Le Palais
Salammbô
Gustave Flaubert (1821-1880), auteur ; André Lambert, illustrateur, Paris, 1948.
BnF, département de Littérature et art, 4-Y2-4121
© Bibliothèque nationale de France
Hamilcar est le père de Salammbô et d'Hannibal, encore enfant. De retour après une longue absence, il est reçu par les autres dignitaires de la ville avec suspicion. Il a autrefois dirigé l'armée des mercenaires qui aujourd'hui assiège Carthage. Pour se racheter, ils lui demandent de prendre la tête de l'armée pour écraser les mercenaires. Après avoir vertement refusé une telle tâche, Hamilcar acceptera.

« Hamilcar ne voulait plus se mêler d’aucun gouvernement. Tous le conjurèrent. Ils le suppliaient : et comme le mot de trahison revenait dans leurs discours, il s’emporta. Le seul traître, c’était le Grand-Conseil, car l’engagement des soldats expirant avec la guerre, ils devenaient libres dès que la guerre était finie ; il exalta même leur bravoure et tous les avantages qu’on en pourrait tirer en les intéressant à la République par des donations, des privilèges. Alors Magdassan un ancien Gouverneur de provinces, dit en roulant ses yeux jaunes :
– Vraiment, Barca, à force de voyager, tu es devenu un Grec ou un Latin, je ne sais quoi ! Que parles-tu de récompenses pour ces hommes ? Périssent dix mille Barbares plutôt qu’un seul d’entre nous !

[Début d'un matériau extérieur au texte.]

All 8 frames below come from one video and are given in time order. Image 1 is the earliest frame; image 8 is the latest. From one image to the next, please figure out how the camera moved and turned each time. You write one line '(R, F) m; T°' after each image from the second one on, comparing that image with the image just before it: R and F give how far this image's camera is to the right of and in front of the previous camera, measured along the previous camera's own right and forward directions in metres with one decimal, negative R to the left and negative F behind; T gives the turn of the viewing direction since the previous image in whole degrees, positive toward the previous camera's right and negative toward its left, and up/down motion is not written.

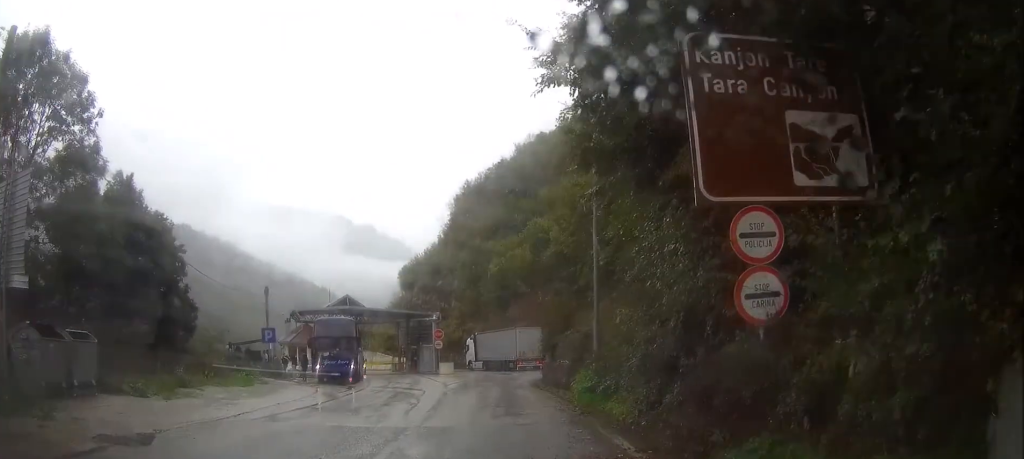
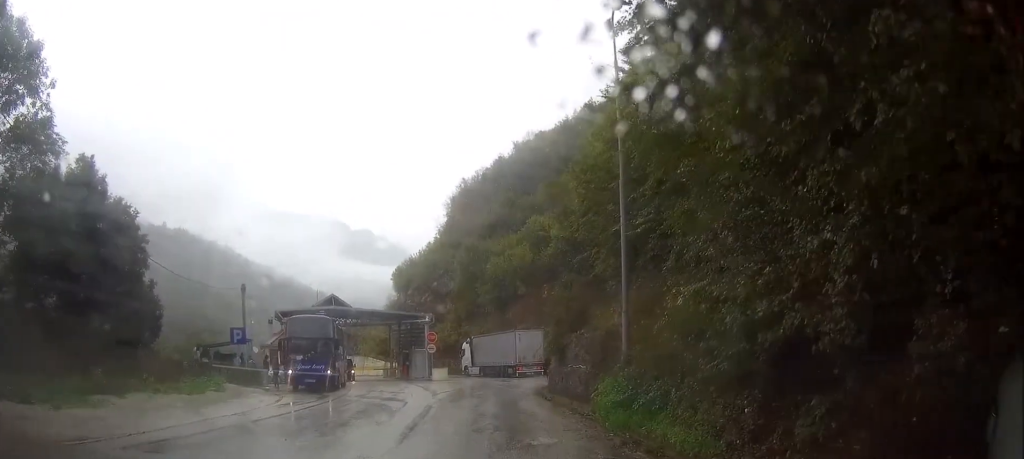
(-0.1, +4.0) m; +3°
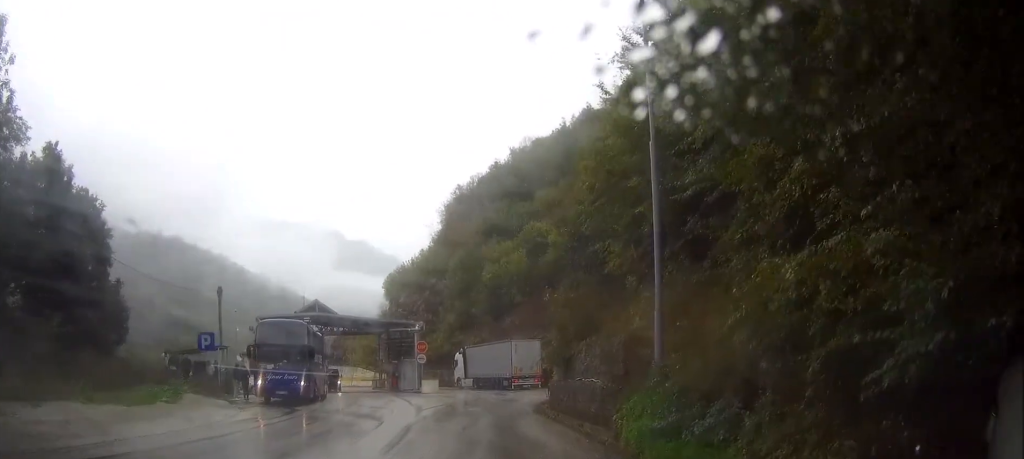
(+0.2, +3.1) m; +3°
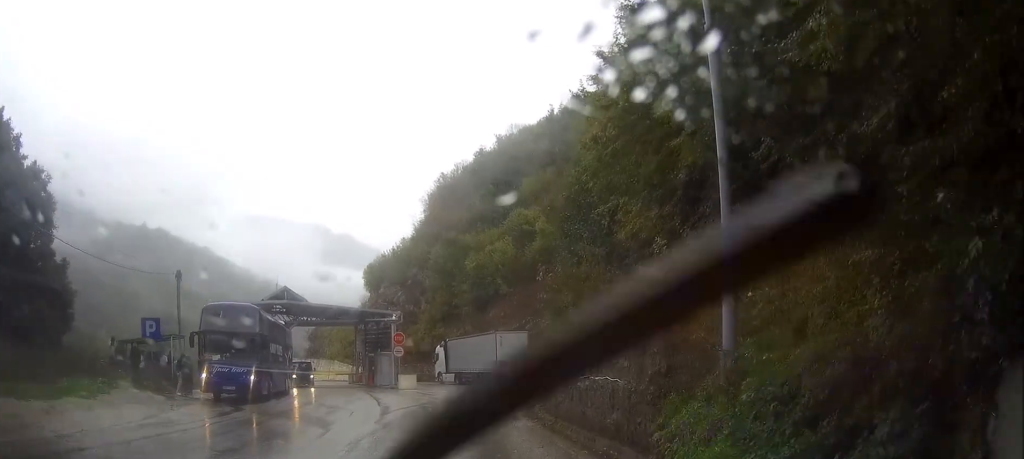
(+0.2, +3.9) m; -4°
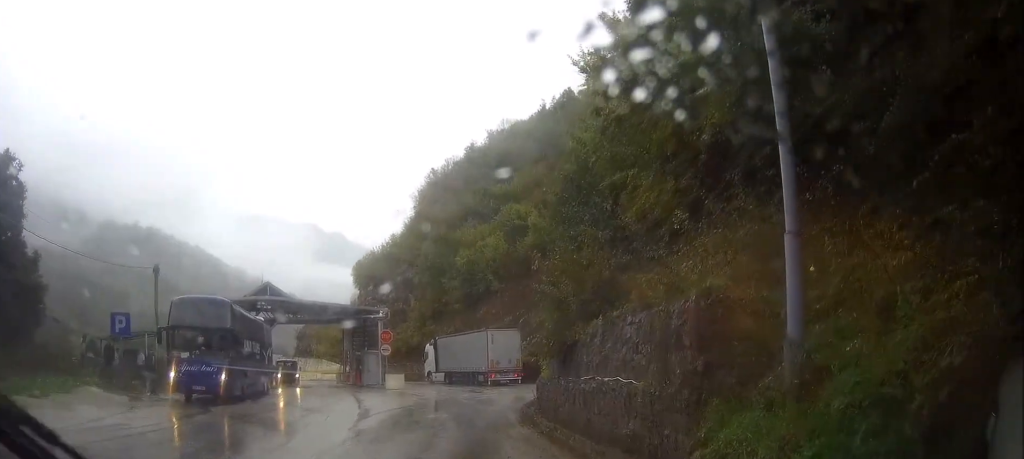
(-0.1, +1.8) m; -5°
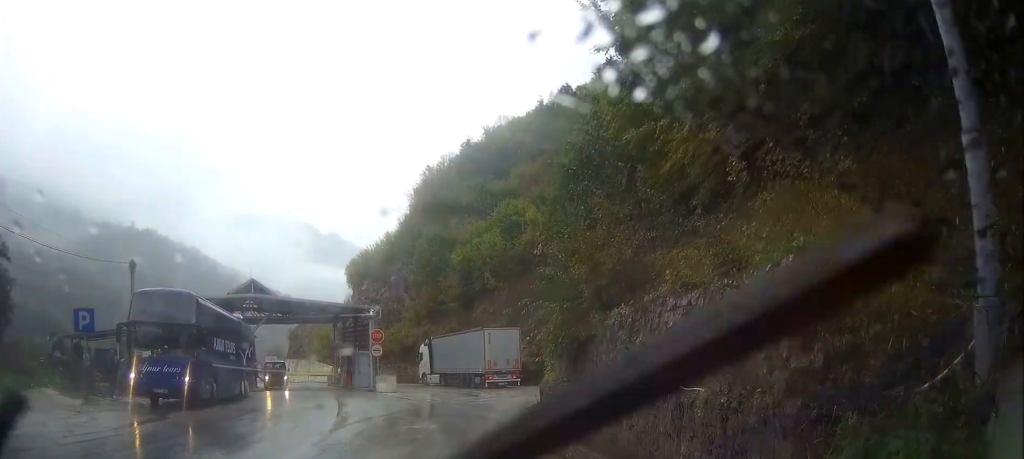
(-0.3, +2.5) m; -4°
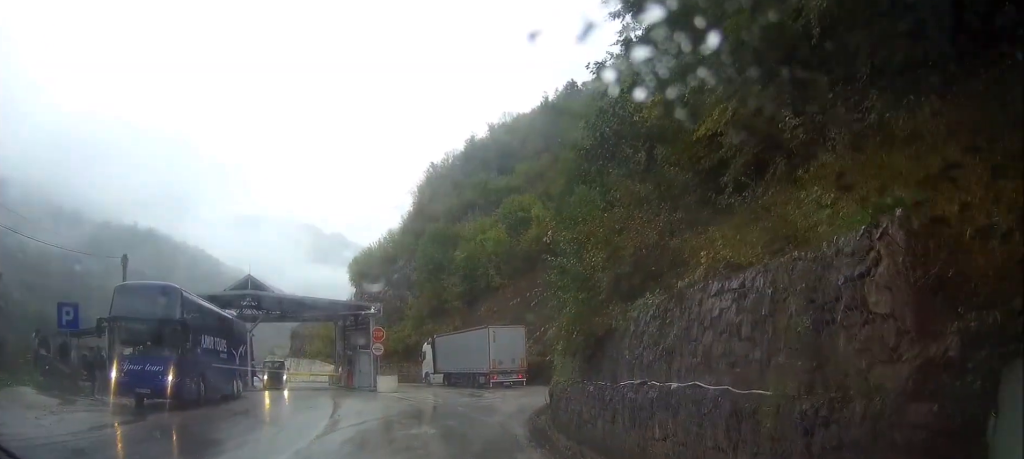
(+0.1, +1.4) m; +2°
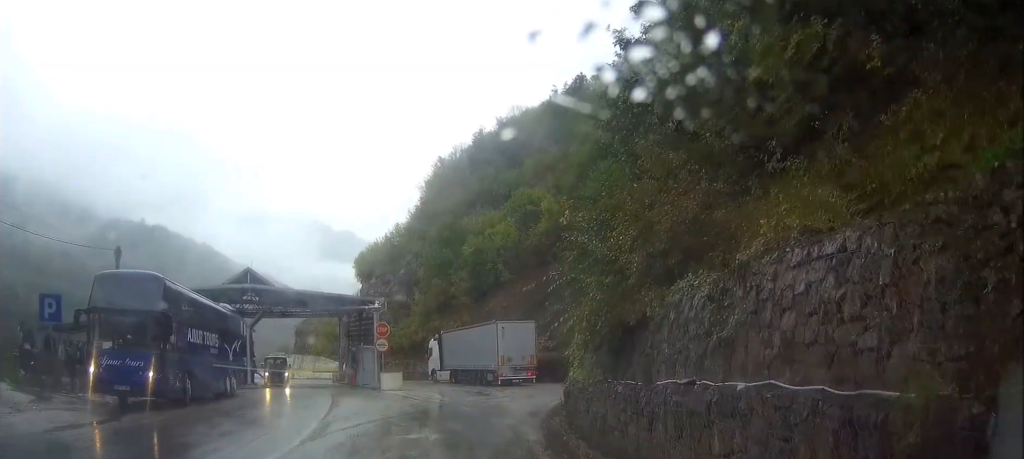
(0.0, +1.6) m; +4°

Les Anciens approuvaient de la tête en murmurant : – Oui, faut-il tant se gêner ? On en trouve toujours !
– Et l’on s’en débarrasse commodément, n’est-ce pas ? On les abandonne, ainsi que vous avez fait en Sardaigne. On avertit l’ennemi du chemin qu’ils doivent prendre, comme pour ces Gaulois dans la Sicile, ou bien on les débarque au milieu de la mer. En revenant, j’ai vu le rocher tout blanc de leurs os !
– Quel malheur ! fit impudemment Kapouras.
– Est-ce qu’ils n’ont pas cent fois tourné à l’ennemi ! exclamaient les autres.
Hamilcar s’écria : – Pourquoi donc, malgré vos lois, les avez-vous rappelés à Carthage ? Et quand ils sont dans votre ville, pauvres et nombreux au milieu de toutes vos richesses, l’idée ne vous vient pas de les affaiblir par la moindre division ! Ensuite vous les congédiez avec leurs femmes et avec leurs enfants, tous, sans garder un seul otage ! Comptiez-vous qu’ils s’assassineraient pour vous épargner la douleur de tenir vos serments ? Vous les haïssez, parce qu’ils sont forts ! Vous me haïssez encore plus, moi, leur maître ! Oh ! je l’ai senti, tout à l’heure, quand vous me baisiez les mains, et que vous vous reteniez tous pour ne pas les mordre ! »

Gustave Flaubert, Salammbô, chapitre VII, 1862.